С раскрытыми ртами смотрели они на могучую боевую технику и ничего не понимали. Еще недавно поляки утверждали, что советские танки сделаны из фанеры.

— Показуха! — выдавил наконец неуверенно Авчинников. — Откуда взялись танки?

— Для иностранцев, — вздохнул Чепурнов.

— Согласен с вами, — поддержал их Бережной, — это большевики бывшим интервентам зубы показывают.

Все пятеро удивленно взглянули на него, но промолчали. Площадь заполнялась колоннами демонстрантов. Доносились отдельные возгласы, приветствия, где-то впереди играл оркестр.

— Потопали, — сказал Авчинников, — там дальше вольемся в колонну.

Переулками, проходными дворами они добрались до Большой Бронной. Тут стояла длинная колонна.

— К вам можно присоединиться? Отстали мы, — подойдя к хвосту, спросил Чепурнов.

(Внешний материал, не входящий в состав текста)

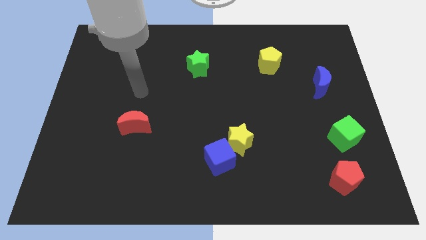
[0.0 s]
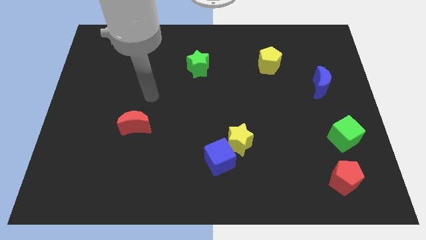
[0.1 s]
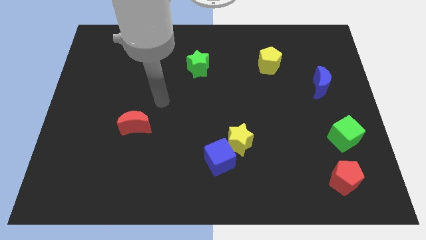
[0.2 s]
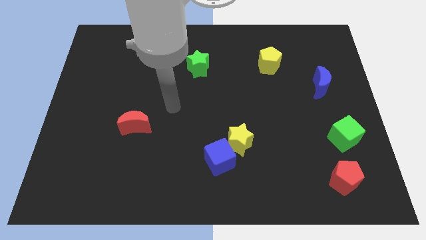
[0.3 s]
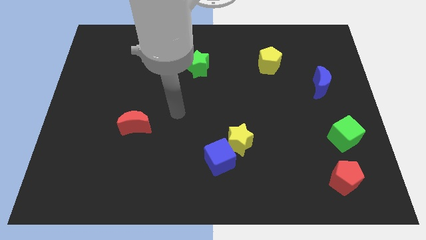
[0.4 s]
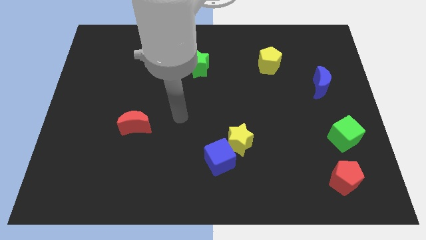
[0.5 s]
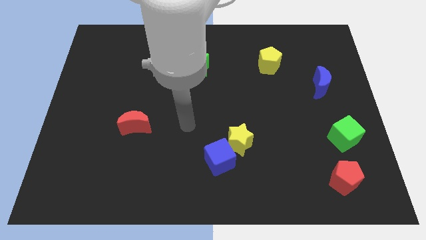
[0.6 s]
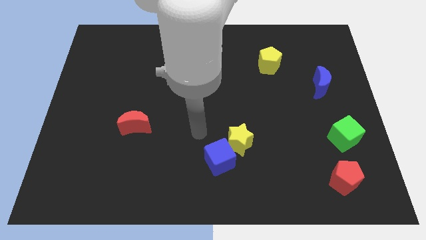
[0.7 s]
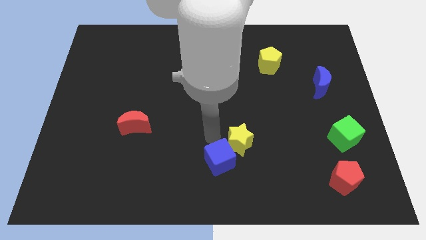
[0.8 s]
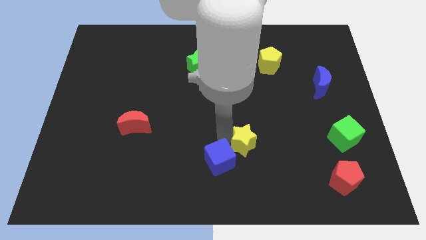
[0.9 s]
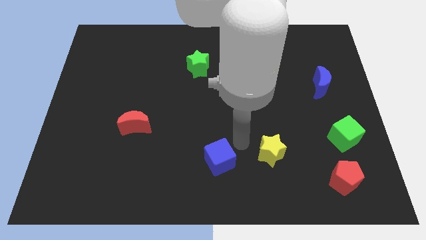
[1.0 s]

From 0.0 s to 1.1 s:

Один из демонстрантов, бойко разговаривавший с соседом, удивленно пожал плечами и ухмыльнулся. Другой что-то крикнул идущим впереди, а третий, окинув их внимательным взглядом, сердито бросил:

— Посторонних пускать в колонну строго запрещено. Ступайте-ка лучше домой, пока вас не забрали. Совесть надо иметь!

— Да они вроде бы и не пьяные, — заметил кто-то из колонны.

— Мы приезжие, не знали, что такие строгости, — сказал Бережной, — пойдемте, ребята!

Они быстро отошли, провожаемые настороженными взглядами притихшей колонны. Потом свернули за угол и вскоре очутились на Палашевском рынке. Побродив по рядам, вернулись на Москворецкий мост.

— Сейчас я все у-у-уст-трою, п-п-покажу к-к-крас-ную книжечку и нас пропустят, — сказал Ольшевский, ощупывая карманы, — где же она, черрт!

Книжки он так и не нашел.

— Сматываемся, и побыстрей! Кажется, за нами шпик увязался. Влипнем не за понюх табаку! — прошипел Авчинников и быстро зашагал прочь. Остальные, изредка опасливо озираясь, последовали за ним.

Через час они сидели на скамейке в парке Горького и, не глядя друг другу в глаза, обменивались короткими фразами. Обескураженные, не веря больше в себя и товарищей, подавленные мощью боевой техники. Они были полностью деморализованы, но еще представляли опасную террористическую банду. «Дальнейшее пребывание на свободе эмиссаров НТСНП считаю нецелесообразным», — докладывал Николай Николаевич.